→ **Description of the task**
Below are the records; copy each line in which "would" occurs.

→ **The records**
········

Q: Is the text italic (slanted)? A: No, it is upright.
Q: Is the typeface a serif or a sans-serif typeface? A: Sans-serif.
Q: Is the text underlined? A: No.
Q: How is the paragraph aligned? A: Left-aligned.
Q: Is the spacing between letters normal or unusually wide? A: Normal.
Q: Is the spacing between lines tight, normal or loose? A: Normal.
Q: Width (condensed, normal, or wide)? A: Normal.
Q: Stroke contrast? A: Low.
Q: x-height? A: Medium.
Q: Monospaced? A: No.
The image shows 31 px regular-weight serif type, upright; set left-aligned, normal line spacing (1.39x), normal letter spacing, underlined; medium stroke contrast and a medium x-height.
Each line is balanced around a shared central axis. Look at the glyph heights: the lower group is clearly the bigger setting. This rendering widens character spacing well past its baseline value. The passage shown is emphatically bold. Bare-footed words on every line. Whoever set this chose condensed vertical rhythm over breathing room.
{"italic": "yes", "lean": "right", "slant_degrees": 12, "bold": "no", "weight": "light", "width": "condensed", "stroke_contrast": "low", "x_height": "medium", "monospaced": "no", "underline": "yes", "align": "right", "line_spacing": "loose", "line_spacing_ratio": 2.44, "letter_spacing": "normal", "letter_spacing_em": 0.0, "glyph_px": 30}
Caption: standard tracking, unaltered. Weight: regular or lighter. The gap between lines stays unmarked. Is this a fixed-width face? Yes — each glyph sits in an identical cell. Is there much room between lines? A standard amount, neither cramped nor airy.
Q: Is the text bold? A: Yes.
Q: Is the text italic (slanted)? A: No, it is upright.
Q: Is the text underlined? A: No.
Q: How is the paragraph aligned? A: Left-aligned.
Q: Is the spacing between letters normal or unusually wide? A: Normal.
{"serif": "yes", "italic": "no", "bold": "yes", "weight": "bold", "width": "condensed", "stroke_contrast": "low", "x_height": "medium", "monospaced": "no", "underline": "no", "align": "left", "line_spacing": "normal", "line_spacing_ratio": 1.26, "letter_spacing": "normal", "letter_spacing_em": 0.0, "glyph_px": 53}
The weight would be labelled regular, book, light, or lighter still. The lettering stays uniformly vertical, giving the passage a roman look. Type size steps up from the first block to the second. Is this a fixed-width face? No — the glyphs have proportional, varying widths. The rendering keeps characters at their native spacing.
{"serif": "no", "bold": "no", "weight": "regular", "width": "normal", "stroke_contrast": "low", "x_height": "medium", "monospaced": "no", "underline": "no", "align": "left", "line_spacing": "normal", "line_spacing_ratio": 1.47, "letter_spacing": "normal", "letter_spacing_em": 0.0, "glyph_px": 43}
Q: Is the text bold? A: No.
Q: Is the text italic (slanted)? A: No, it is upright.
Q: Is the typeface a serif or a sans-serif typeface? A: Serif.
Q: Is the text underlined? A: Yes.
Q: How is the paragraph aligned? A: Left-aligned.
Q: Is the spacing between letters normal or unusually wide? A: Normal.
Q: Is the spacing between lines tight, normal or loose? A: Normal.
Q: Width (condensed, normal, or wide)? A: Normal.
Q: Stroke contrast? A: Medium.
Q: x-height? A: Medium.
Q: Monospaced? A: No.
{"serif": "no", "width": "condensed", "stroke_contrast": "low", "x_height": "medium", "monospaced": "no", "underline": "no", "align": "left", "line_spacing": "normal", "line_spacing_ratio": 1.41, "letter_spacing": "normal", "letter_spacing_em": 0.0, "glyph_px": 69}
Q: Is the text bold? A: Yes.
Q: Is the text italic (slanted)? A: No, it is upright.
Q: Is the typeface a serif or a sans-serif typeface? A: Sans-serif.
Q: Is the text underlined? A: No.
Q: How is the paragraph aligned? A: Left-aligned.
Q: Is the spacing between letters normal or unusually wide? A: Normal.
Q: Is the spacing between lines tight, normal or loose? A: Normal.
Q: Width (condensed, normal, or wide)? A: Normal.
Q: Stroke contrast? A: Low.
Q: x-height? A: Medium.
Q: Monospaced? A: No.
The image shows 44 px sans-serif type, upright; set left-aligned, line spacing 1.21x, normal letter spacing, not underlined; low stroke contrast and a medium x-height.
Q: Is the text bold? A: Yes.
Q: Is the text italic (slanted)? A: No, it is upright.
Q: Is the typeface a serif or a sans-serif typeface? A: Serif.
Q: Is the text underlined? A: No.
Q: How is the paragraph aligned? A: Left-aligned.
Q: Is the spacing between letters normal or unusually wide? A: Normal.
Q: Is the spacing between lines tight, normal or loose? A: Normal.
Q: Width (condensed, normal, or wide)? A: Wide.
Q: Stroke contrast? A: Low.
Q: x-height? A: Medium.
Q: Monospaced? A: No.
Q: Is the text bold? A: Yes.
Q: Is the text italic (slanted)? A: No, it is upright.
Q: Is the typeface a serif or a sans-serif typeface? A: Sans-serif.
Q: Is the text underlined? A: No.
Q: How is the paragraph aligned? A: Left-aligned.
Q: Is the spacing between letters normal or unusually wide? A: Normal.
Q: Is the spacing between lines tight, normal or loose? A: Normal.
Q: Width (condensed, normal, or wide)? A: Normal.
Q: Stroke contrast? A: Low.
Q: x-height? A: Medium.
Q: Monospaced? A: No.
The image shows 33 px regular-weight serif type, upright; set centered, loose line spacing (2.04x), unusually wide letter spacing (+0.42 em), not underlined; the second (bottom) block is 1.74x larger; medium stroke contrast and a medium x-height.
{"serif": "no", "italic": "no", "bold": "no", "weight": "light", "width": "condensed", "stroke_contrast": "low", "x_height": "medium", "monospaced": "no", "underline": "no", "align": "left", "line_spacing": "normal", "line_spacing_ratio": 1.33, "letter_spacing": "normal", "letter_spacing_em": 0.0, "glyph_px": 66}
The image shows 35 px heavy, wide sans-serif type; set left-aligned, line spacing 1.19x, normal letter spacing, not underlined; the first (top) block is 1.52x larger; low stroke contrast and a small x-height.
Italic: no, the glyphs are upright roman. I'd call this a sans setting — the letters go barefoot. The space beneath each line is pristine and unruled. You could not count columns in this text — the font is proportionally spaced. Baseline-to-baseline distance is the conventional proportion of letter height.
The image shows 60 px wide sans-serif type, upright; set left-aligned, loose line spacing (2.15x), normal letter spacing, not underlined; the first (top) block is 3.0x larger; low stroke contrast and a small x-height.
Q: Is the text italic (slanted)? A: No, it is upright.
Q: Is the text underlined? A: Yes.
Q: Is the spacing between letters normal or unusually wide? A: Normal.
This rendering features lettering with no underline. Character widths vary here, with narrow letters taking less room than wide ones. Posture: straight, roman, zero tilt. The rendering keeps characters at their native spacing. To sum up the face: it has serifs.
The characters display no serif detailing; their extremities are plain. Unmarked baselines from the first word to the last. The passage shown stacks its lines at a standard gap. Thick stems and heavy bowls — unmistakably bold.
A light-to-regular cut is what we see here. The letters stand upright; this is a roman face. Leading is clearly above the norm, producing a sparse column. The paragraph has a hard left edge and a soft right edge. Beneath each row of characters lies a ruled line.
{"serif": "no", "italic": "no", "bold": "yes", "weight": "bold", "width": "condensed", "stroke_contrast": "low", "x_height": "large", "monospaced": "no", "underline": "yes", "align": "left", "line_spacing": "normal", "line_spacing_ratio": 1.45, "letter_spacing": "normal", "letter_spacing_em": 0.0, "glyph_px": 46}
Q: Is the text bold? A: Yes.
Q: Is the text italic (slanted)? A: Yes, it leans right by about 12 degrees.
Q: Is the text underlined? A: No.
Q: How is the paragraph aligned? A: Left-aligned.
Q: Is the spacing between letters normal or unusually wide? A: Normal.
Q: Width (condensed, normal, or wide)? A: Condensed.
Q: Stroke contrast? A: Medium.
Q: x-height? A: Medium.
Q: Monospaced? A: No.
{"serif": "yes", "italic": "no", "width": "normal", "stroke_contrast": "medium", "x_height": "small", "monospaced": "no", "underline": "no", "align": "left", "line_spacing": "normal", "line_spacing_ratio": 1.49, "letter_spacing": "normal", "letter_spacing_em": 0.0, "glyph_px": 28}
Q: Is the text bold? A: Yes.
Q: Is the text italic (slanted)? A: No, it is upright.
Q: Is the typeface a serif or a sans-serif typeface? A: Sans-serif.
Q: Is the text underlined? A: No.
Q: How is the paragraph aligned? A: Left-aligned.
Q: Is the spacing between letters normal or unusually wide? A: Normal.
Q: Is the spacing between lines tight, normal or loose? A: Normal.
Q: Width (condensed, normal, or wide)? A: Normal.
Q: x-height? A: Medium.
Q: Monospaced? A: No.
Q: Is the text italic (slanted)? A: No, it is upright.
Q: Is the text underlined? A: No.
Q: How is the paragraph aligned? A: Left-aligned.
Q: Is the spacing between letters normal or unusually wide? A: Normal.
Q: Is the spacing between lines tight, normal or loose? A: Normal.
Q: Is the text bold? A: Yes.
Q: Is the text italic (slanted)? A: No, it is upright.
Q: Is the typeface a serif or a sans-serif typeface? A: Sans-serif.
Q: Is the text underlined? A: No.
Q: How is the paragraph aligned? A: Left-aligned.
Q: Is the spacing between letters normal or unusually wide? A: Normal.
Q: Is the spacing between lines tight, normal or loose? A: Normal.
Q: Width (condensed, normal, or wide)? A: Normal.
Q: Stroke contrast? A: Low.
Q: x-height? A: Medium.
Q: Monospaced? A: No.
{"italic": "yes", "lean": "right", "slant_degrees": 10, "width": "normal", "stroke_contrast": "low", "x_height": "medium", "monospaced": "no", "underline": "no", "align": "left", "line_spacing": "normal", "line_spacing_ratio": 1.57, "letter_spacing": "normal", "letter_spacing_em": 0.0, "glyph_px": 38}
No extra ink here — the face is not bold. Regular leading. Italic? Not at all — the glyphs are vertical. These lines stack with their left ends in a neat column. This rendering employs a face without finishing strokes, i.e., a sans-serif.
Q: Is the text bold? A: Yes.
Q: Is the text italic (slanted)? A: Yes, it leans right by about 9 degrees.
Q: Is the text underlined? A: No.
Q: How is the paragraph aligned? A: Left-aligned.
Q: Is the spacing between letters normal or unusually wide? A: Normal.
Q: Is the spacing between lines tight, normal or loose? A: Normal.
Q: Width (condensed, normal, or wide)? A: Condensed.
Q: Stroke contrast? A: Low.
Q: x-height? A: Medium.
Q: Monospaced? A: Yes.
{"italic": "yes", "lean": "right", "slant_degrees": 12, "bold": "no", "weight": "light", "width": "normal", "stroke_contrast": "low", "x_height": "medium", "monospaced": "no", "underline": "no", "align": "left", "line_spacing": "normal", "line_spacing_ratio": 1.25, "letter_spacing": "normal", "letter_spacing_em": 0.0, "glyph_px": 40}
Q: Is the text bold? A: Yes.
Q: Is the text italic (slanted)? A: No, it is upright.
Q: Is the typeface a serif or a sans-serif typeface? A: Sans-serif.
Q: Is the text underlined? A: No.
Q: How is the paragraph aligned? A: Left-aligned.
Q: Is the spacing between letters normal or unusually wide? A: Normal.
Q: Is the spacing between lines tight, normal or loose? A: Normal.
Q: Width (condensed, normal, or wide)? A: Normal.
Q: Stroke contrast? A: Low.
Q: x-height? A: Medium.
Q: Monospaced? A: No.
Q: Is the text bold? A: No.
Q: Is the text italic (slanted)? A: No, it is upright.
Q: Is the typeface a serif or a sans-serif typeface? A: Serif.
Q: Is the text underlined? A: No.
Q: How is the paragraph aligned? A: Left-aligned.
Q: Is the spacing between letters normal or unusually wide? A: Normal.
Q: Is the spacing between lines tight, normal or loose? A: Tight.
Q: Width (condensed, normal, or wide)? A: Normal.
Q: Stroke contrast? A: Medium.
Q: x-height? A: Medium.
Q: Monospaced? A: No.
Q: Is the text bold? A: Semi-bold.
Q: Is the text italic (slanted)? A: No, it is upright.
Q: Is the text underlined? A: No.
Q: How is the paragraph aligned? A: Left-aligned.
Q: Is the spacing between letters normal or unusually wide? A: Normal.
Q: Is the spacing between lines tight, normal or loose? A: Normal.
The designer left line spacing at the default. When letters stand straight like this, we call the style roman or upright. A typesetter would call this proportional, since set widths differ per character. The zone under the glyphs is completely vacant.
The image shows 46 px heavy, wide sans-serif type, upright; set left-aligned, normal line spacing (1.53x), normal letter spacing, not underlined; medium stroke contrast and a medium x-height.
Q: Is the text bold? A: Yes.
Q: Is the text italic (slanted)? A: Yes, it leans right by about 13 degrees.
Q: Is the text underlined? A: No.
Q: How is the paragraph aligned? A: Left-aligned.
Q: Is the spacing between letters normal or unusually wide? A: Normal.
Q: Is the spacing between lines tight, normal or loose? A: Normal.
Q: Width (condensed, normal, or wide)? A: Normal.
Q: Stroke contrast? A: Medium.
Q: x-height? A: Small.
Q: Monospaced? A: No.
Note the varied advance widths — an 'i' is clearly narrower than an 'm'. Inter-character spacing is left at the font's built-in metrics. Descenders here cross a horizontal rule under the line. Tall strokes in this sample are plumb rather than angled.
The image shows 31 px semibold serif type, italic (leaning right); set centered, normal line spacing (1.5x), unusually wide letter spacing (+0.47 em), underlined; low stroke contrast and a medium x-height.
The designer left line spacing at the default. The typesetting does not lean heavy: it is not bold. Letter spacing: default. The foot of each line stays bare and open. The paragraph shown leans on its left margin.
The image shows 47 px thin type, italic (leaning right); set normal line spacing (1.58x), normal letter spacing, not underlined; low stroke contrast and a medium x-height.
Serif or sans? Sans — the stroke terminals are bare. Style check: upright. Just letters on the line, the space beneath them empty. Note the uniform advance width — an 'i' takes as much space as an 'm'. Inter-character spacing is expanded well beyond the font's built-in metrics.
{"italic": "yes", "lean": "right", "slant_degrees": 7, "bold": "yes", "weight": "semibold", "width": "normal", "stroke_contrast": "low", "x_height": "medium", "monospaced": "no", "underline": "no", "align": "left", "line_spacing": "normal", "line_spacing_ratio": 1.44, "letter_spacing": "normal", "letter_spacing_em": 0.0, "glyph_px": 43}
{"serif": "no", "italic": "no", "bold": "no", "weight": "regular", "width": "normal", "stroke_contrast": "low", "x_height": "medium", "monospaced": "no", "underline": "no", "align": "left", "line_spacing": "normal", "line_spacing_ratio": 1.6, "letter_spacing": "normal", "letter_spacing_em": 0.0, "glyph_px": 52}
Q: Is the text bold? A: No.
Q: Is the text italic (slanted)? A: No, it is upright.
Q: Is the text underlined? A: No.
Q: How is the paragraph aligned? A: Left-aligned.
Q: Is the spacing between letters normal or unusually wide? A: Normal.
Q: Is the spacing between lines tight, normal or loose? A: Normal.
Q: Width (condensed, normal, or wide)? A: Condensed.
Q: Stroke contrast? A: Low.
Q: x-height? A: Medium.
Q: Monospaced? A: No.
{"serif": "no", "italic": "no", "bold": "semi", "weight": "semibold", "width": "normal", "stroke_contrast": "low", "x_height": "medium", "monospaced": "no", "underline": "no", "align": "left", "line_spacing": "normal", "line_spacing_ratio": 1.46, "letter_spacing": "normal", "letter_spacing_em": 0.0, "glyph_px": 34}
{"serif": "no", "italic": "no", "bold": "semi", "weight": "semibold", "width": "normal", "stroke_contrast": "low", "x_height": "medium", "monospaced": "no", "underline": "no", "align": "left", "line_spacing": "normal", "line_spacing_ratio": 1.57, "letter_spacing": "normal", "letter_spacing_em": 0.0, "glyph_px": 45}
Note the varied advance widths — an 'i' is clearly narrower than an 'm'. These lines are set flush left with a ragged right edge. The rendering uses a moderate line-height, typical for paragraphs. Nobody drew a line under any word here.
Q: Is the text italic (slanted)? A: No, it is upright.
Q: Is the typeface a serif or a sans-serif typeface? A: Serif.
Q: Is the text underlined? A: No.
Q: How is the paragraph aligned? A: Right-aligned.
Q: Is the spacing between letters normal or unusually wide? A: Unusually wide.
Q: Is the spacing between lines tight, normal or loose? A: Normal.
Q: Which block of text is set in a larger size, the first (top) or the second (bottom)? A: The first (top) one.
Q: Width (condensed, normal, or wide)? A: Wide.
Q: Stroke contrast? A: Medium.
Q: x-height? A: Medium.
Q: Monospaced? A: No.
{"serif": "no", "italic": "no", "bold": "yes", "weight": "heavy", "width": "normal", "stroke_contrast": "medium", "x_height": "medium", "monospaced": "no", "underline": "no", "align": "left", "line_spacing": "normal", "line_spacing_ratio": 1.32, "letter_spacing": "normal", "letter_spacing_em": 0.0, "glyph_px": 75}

········

→ **Result**
The weight would be labelled regular, book, light, or lighter still. The lettering stays uniformly vertical, giving the passage a roman look. Type size steps up from the first block to the second. Is this a fixed-width face? No — the glyphs have proportional, varying widths. The rendering keeps characters at their native spacing.
The designer left line spacing at the default. When letters stand straight like this, we call the style roman or upright. A typesetter would call this proportional, since set widths differ per character. The zone under the glyphs is completely vacant.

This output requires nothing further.